Convolutional Neural Networks (CNNs / ConvNets) 翻译第二段

Architecture Overview

Recall: Regular Neural Nets. As we saw in the previous chapter, Neural Networks receive an input (a single vector), and transform it through a series of  hidden layers. Each hidden layer is made up of a set of neurons, where each neuron is fully connected to all neurons in the previous layer, and where neurons in a single layer function completely independently and do not share any connections. The last fully-connected layer is called the “output layer” and in classification settings it represents the class scores.

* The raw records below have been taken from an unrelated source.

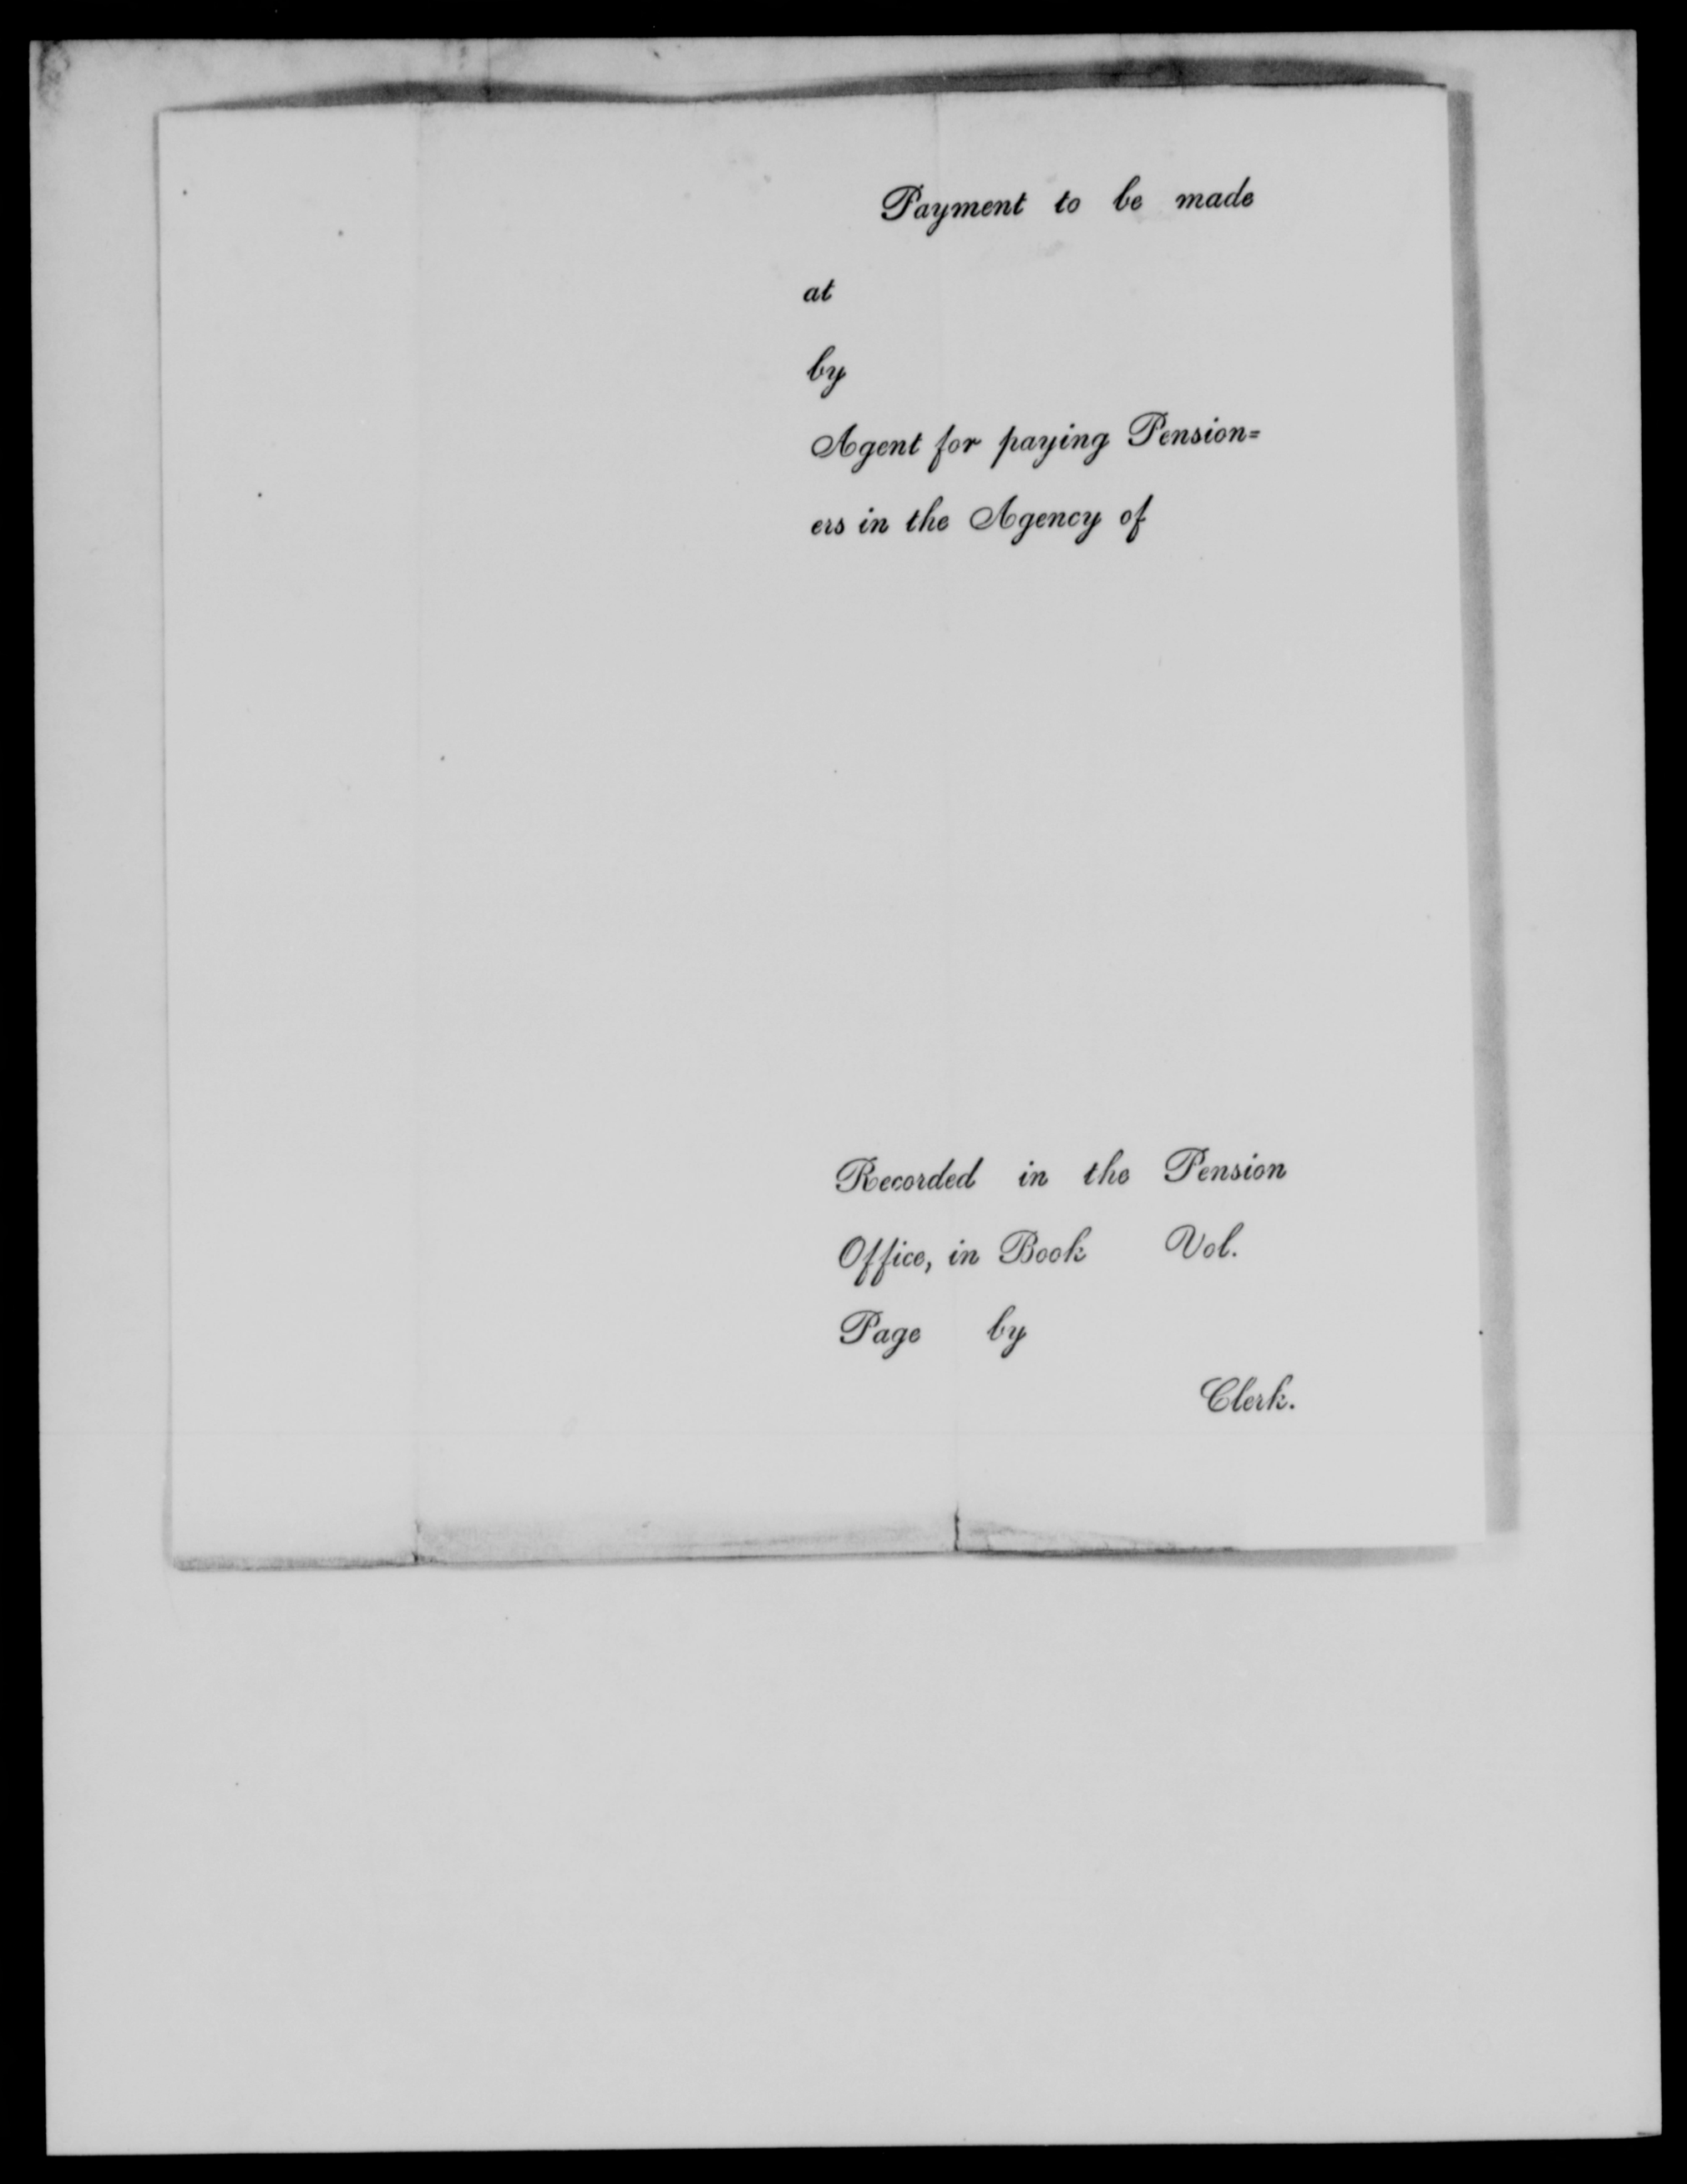Payment to be made 
at
by
Agent for paying Pensioners
in the Agency of


Recorded in the Pension
Office, in Book............Vol
Page......by


Clerk

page: 30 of 79
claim: survivor's
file: S. 11759, Samuel White, Mass.

Regular Neural Nets don’t scale well to full images. In CIFAR-10, images are only of size 32x32x3 (32 wide, 32 high, 3 color channels), so a single fully-connected neuron in a first hidden layer of a regular Neural Network would have 32*32*3 = 3072 weights. This amount still seems manageable, but clearly this fully-connected structure does not scale to larger images. For example, an image of more respectible size, e.g. 200x200x3, would lead to neurons that have 200*200*3 = 120,000 weights. Moreover, we would almost certainly want to have several such neurons, so the parameters would add up quickly! Clearly, this full connectivity is wasteful and the huge number of parameters would quickly lead to overfitting.
3D volumes of neurons. Convolutional Neural Networks take advantage of the fact that the input consists of images and they constrain the architecture in a more sensible way. In particular, unlike a regular Neural Network, the layers of a ConvNet have neurons arranged in 3 dimensions:  width, height, depth. (Note that the word  depth here refers to the third dimension of an activation volume, not to the depth of a full Neural Network, which can refer to the total number of layers in a network.) For example, the input images in CIFAR-10 are an input volume of activations, and the volume has dimensions 32x32x3 (width, height, depth respectively). As we will soon see, the neurons in a layer will only be connected to a small region of the layer before it, instead of all of the neurons in a fully-connected manner. Moreover, the final output layer would for CIFAR-10 have dimensions 1x1x10, because by the end of the ConvNet architecture we will reduce the full image into a single vector of class scores, arranged along the depth dimension. Here is a visualization:
神经元的三维体积:卷积神经网络利用输入为图片同时图片输入将体系结构约束得更加有效。尤其,不同于传统神经网络,卷积网络层的神经元是从三种维度上组织的:长宽高。(强调“depth”这个词指代的是活化体积的第三位,而不是整个神经网络的深度,神经网络的深度指的是神经网络总的层数 )例如,以CIFAR格式传入进来的输入图片是一种输入活化体积,这个体积有维度32*32*3(分别为宽度,长度,深度)。我们将会看到,本层的神经元只能看到前一层的很小一块区域,而不会是一种全部神经元的全连接方式。此外,最终输出层将会为CIFAR-10同时为维度1*1*10,因为使用卷积体系结构的最终目标是将一个完整的图片降维为表示类分数的单维向量,以深度层次来组织。